Reproduce the whole listing, keeping every character the same.

--- START ---

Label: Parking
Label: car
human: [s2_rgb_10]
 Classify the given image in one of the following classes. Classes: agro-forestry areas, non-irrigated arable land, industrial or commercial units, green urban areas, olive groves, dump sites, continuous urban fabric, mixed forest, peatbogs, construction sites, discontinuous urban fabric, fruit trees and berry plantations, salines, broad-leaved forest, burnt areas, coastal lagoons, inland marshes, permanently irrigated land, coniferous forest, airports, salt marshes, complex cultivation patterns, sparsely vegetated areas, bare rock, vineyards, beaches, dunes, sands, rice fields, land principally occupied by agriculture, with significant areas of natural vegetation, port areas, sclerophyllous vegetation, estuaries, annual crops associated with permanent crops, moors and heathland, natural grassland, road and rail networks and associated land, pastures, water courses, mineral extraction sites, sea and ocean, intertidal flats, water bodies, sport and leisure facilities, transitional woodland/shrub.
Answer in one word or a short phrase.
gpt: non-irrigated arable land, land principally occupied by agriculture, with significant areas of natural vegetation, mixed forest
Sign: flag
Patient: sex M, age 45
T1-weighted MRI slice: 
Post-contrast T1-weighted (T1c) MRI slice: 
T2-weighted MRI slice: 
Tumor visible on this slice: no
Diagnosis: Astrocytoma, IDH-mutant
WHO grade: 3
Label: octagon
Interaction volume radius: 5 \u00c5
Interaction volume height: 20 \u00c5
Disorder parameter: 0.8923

--- END ---

== TASK ANSWER ==
Label: Parking
Label: car
human: [s2_rgb_10]
 Classify the given image in one of the following classes. Classes: agro-forestry areas, non-irrigated arable land, industrial or commercial units, green urban areas, olive groves, dump sites, continuous urban fabric, mixed forest, peatbogs, construction sites, discontinuous urban fabric, fruit trees and berry plantations, salines, broad-leaved forest, burnt areas, coastal lagoons, inland marshes, permanently irrigated land, coniferous forest, airports, salt marshes, complex cultivation patterns, sparsely vegetated areas, bare rock, vineyards, beaches, dunes, sands, rice fields, land principally occupied by agriculture, with significant areas of natural vegetation, port areas, sclerophyllous vegetation, estuaries, annual crops associated with permanent crops, moors and heathland, natural grassland, road and rail networks and associated land, pastures, water courses, mineral extraction sites, sea and ocean, intertidal flats, water bodies, sport and leisure facilities, transitional woodland/shrub.
Answer in one word or a short phrase.
gpt: non-irrigated arable land, land principally occupied by agriculture, with significant areas of natural vegetation, mixed forest
Sign: flag
Patient: sex M, age 45
T1-weighted MRI slice: 
Post-contrast T1-weighted (T1c) MRI slice: 
T2-weighted MRI slice: 
Tumor visible on this slice: no
Diagnosis: Astrocytoma, IDH-mutant
WHO grade: 3
Label: octagon
Interaction volume radius: 5 \u00c5
Interaction volume height: 20 \u00c5
Disorder parameter: 0.8923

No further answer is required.